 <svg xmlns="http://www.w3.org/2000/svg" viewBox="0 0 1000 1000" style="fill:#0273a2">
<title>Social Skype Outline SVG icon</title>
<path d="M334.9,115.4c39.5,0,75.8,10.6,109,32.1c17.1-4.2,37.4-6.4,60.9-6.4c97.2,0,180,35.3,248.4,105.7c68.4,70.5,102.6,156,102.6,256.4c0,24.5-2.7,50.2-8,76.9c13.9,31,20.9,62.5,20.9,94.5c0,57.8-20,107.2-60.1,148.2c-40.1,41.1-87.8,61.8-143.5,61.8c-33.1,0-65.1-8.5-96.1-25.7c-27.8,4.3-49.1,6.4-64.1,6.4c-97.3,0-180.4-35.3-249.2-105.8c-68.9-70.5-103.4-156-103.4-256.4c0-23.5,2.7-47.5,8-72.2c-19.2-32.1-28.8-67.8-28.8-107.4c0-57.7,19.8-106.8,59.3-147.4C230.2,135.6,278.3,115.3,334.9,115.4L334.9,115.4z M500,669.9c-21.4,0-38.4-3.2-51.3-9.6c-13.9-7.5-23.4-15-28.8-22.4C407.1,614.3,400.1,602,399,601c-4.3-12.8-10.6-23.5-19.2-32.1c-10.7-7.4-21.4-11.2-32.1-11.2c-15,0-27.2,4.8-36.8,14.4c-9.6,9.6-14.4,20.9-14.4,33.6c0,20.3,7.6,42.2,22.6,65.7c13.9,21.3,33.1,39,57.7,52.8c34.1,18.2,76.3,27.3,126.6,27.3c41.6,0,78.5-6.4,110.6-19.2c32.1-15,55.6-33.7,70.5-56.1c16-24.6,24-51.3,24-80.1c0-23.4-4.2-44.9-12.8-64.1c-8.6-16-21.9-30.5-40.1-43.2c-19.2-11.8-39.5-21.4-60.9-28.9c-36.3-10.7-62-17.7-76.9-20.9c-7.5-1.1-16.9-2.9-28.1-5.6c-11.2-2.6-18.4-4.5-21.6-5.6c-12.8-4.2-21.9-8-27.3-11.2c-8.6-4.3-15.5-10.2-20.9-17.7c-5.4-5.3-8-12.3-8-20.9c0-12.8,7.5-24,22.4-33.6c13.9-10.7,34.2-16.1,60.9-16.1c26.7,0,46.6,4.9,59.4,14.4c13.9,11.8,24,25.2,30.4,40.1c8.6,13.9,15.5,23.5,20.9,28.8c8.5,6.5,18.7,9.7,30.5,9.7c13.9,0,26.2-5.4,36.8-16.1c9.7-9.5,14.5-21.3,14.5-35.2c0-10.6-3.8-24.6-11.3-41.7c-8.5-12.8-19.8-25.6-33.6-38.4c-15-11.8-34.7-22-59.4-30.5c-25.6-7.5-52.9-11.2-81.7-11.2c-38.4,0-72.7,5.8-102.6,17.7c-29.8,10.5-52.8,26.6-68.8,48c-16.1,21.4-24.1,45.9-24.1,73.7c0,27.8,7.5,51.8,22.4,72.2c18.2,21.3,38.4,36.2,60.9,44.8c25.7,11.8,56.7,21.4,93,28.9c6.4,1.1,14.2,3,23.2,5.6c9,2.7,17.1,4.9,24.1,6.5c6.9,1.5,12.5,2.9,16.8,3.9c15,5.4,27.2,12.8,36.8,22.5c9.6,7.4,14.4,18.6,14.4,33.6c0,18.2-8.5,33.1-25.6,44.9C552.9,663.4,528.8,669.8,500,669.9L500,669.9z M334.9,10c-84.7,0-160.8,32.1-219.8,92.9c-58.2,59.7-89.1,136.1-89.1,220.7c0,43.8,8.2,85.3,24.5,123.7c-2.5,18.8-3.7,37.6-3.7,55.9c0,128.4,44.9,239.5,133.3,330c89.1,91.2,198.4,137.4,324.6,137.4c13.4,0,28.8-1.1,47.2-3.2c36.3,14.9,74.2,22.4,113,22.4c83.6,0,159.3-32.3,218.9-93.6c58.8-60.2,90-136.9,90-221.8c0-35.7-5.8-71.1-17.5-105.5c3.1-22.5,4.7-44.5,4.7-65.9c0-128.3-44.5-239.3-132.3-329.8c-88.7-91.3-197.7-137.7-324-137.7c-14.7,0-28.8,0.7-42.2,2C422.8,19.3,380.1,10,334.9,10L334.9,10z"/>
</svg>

━━━━━━━━━━

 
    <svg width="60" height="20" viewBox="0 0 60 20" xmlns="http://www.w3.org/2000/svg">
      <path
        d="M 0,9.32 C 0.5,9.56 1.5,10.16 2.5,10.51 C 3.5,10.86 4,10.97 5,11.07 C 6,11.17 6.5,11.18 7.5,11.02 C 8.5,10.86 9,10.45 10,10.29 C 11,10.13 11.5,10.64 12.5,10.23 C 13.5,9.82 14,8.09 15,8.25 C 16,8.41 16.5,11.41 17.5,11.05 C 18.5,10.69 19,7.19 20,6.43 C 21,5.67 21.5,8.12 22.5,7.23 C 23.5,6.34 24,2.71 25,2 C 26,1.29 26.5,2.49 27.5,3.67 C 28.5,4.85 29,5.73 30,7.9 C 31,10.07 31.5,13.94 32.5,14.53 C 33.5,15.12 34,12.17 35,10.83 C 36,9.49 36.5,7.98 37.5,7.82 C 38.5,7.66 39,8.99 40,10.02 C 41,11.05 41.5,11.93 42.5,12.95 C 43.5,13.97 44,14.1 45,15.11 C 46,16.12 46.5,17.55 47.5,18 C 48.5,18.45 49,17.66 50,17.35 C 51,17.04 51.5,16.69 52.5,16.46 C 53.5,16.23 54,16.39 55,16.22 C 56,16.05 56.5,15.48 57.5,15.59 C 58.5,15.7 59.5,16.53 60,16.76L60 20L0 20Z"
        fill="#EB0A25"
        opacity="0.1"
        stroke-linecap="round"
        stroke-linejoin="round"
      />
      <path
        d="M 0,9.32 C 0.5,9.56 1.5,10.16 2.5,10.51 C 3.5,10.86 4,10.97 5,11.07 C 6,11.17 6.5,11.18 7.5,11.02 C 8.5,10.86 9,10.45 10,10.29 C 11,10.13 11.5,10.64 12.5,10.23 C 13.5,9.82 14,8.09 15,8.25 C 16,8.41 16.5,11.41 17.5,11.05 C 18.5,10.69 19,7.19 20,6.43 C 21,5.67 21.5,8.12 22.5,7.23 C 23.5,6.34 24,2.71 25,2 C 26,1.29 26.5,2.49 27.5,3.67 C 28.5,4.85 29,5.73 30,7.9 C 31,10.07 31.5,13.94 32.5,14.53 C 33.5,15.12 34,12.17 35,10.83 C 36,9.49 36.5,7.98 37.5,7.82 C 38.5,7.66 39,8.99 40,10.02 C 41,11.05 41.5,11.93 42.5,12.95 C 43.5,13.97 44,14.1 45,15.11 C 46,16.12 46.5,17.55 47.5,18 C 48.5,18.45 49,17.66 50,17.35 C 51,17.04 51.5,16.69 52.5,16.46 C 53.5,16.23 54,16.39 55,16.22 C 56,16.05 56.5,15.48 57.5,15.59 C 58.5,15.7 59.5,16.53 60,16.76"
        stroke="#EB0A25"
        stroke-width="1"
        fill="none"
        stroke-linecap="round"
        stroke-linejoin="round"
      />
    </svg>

━━━━━━━━━━

Aim of the exercise: When a line in the data above contains the string "fill", copy that line.

Written response:
 <svg xmlns="http://www.w3.org/2000/svg" viewBox="0 0 1000 1000" style="fill:#0273a2">
        fill="#EB0A25"
        fill="none"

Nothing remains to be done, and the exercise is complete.